[[ PROVIDED INFORMATION open ]]

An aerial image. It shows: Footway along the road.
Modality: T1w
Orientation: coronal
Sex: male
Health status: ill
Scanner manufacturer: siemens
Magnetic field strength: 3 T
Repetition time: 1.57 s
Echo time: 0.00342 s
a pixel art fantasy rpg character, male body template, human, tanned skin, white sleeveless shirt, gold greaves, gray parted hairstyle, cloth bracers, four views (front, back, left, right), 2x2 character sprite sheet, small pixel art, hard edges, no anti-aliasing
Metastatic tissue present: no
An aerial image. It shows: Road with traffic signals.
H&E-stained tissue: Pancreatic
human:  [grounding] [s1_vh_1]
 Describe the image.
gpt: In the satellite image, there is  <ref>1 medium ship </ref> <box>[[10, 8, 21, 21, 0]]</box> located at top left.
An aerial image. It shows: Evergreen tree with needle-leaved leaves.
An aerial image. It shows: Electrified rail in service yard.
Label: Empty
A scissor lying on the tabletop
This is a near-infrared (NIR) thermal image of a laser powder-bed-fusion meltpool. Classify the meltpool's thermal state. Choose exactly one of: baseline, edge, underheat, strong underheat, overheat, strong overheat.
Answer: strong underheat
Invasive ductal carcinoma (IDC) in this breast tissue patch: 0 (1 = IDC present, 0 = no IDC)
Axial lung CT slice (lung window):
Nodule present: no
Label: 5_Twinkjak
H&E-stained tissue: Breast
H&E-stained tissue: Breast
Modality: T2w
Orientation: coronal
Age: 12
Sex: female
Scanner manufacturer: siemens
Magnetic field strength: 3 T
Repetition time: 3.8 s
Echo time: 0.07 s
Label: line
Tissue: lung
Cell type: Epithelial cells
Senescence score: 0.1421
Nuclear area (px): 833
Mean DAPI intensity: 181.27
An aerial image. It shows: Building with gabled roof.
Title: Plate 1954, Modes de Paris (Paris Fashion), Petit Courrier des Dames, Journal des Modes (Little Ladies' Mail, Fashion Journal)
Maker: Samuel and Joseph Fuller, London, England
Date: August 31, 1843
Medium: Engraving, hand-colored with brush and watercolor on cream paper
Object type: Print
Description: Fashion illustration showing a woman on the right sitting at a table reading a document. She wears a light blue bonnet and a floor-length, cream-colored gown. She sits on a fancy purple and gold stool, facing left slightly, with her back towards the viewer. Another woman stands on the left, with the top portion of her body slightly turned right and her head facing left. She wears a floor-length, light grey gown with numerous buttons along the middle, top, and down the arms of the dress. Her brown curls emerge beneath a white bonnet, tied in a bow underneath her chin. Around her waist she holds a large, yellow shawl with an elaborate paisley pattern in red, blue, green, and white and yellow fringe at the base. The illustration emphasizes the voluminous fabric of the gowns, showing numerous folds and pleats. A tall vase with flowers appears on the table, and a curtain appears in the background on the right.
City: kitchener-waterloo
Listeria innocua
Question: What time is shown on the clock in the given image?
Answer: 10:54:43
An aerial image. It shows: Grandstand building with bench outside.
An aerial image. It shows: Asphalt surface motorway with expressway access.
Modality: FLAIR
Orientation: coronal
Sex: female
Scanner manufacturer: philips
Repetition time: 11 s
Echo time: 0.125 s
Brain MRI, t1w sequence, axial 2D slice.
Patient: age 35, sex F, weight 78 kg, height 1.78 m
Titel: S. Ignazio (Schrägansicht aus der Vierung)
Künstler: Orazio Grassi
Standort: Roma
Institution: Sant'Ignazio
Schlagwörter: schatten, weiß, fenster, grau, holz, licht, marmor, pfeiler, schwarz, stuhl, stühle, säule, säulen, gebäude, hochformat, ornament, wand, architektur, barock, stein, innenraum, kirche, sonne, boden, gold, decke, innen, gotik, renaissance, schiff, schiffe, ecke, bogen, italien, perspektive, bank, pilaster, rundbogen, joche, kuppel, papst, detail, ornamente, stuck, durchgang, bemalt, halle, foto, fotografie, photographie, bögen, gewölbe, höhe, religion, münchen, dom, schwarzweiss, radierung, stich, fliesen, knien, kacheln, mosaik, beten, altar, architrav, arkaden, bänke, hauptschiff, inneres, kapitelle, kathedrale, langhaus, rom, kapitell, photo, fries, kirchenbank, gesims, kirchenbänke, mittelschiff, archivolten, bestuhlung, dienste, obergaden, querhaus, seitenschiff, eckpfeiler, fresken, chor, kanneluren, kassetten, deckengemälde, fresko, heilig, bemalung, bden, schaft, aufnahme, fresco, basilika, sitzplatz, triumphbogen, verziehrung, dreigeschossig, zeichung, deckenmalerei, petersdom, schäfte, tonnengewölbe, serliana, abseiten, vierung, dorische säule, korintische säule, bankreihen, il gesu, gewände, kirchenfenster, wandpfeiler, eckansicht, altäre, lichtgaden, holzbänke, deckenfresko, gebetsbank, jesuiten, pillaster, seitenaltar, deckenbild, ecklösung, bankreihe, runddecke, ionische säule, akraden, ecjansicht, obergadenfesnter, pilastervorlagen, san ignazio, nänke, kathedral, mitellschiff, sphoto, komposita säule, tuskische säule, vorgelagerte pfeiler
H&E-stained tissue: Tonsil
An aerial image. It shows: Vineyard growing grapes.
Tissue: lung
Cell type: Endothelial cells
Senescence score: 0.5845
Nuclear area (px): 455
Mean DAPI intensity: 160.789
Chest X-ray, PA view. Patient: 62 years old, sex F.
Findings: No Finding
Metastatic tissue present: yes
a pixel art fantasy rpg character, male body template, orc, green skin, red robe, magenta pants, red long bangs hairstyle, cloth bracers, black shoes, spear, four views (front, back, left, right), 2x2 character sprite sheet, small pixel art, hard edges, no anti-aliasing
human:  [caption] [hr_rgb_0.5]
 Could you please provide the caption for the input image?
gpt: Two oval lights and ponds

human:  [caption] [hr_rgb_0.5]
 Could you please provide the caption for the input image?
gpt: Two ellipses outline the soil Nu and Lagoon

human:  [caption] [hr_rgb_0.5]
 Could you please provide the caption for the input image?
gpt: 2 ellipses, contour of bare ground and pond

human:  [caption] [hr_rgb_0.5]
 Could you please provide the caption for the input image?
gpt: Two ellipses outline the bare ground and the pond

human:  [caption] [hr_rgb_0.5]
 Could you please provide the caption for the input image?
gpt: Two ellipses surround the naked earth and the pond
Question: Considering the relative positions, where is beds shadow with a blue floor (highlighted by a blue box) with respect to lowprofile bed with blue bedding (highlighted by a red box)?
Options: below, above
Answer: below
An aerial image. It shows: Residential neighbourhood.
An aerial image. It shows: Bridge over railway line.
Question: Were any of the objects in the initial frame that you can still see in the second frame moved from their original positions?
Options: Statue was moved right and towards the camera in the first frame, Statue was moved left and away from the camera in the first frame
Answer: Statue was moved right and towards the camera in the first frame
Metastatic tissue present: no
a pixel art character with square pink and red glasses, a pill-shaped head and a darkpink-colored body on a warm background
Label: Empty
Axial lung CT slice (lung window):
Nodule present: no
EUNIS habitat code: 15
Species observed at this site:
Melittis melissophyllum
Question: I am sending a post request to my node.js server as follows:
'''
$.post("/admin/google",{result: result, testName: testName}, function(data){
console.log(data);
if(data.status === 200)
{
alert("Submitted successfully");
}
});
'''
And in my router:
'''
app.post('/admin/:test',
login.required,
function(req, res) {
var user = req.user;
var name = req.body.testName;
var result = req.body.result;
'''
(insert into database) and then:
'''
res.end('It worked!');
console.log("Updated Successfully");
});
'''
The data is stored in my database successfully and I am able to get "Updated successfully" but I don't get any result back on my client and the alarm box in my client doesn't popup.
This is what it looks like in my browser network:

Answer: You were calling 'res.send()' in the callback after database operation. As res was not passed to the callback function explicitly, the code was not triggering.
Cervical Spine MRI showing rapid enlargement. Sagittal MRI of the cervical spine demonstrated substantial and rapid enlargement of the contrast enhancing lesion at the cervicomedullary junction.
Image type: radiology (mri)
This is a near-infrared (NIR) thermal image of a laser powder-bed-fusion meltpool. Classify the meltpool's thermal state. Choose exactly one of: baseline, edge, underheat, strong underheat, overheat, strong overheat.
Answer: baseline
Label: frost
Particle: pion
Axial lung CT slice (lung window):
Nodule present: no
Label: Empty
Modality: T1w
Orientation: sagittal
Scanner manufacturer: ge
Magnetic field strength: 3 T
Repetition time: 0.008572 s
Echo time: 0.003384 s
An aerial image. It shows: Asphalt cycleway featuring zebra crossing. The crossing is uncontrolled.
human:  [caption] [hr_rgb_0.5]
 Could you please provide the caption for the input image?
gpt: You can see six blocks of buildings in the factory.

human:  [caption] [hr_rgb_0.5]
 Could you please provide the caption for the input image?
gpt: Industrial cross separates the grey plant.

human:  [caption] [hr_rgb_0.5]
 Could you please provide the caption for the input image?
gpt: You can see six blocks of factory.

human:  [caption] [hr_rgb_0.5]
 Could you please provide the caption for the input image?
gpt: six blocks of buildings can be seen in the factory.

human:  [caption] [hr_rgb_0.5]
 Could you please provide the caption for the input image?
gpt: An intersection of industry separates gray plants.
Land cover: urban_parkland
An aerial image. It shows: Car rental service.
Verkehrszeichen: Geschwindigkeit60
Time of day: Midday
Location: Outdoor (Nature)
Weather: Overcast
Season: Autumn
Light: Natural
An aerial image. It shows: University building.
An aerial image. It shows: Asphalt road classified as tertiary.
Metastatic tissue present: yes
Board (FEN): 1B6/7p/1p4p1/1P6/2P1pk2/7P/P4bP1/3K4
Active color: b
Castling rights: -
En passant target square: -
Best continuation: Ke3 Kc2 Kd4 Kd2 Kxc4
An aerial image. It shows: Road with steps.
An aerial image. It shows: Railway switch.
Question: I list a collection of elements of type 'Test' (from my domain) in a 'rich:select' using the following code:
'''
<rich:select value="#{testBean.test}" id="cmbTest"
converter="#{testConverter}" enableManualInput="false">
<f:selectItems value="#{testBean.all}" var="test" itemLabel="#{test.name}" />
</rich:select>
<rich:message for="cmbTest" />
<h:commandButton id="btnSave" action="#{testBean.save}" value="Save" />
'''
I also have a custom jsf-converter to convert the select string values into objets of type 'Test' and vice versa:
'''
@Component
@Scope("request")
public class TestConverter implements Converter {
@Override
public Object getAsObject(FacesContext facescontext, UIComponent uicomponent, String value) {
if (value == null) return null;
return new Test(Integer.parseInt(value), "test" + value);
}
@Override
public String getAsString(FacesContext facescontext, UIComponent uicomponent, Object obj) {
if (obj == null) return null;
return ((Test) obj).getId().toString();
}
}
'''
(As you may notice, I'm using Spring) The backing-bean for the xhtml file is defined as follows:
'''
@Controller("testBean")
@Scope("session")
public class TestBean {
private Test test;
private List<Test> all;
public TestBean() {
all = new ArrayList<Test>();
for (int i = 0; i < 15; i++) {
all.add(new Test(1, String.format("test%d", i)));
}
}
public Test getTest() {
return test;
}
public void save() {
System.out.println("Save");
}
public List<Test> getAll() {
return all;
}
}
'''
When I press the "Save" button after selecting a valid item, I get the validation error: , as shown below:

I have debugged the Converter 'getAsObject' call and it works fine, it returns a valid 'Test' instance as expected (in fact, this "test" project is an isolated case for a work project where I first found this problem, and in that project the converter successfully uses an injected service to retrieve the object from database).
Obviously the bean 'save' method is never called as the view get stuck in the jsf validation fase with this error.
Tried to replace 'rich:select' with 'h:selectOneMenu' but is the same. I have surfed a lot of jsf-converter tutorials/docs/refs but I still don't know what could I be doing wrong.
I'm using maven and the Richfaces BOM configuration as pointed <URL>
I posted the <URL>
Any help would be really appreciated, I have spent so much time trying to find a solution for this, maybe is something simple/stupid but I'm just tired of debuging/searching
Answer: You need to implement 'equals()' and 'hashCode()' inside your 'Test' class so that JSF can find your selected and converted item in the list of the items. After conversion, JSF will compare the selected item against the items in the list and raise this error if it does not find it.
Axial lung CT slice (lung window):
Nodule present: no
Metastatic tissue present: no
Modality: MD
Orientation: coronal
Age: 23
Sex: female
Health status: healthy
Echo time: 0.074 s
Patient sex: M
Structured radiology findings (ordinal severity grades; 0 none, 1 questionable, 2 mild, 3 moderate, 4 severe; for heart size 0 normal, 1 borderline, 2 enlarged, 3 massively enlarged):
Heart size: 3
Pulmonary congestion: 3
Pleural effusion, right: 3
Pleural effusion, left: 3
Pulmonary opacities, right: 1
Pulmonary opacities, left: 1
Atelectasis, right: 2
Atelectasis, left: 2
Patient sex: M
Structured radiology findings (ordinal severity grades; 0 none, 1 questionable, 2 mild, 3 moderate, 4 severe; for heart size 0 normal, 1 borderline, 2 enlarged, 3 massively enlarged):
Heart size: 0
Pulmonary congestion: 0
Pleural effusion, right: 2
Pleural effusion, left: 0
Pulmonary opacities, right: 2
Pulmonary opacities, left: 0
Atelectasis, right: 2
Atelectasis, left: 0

[[ PROVIDED INFORMATION closed ]]

§ **GOAL OF THE EXERCISE**: Each line from the first line of the entries up to and including the line containing "Describe the image." should be transcribed exactly, with all other lines left out.

§ **ANSWER SECTION**:
An aerial image. It shows: Footway along the road.
Modality: T1w
Orientation: coronal
Sex: male
Health status: ill
Scanner manufacturer: siemens
Magnetic field strength: 3 T
Repetition time: 1.57 s
Echo time: 0.00342 s
a pixel art fantasy rpg character, male body template, human, tanned skin, white sleeveless shirt, gold greaves, gray parted hairstyle, cloth bracers, four views (front, back, left, right), 2x2 character sprite sheet, small pixel art, hard edges, no anti-aliasing
Metastatic tissue present: no
An aerial image. It shows: Road with traffic signals.
H&E-stained tissue: Pancreatic
human:  [grounding] [s1_vh_1]
 Describe the image.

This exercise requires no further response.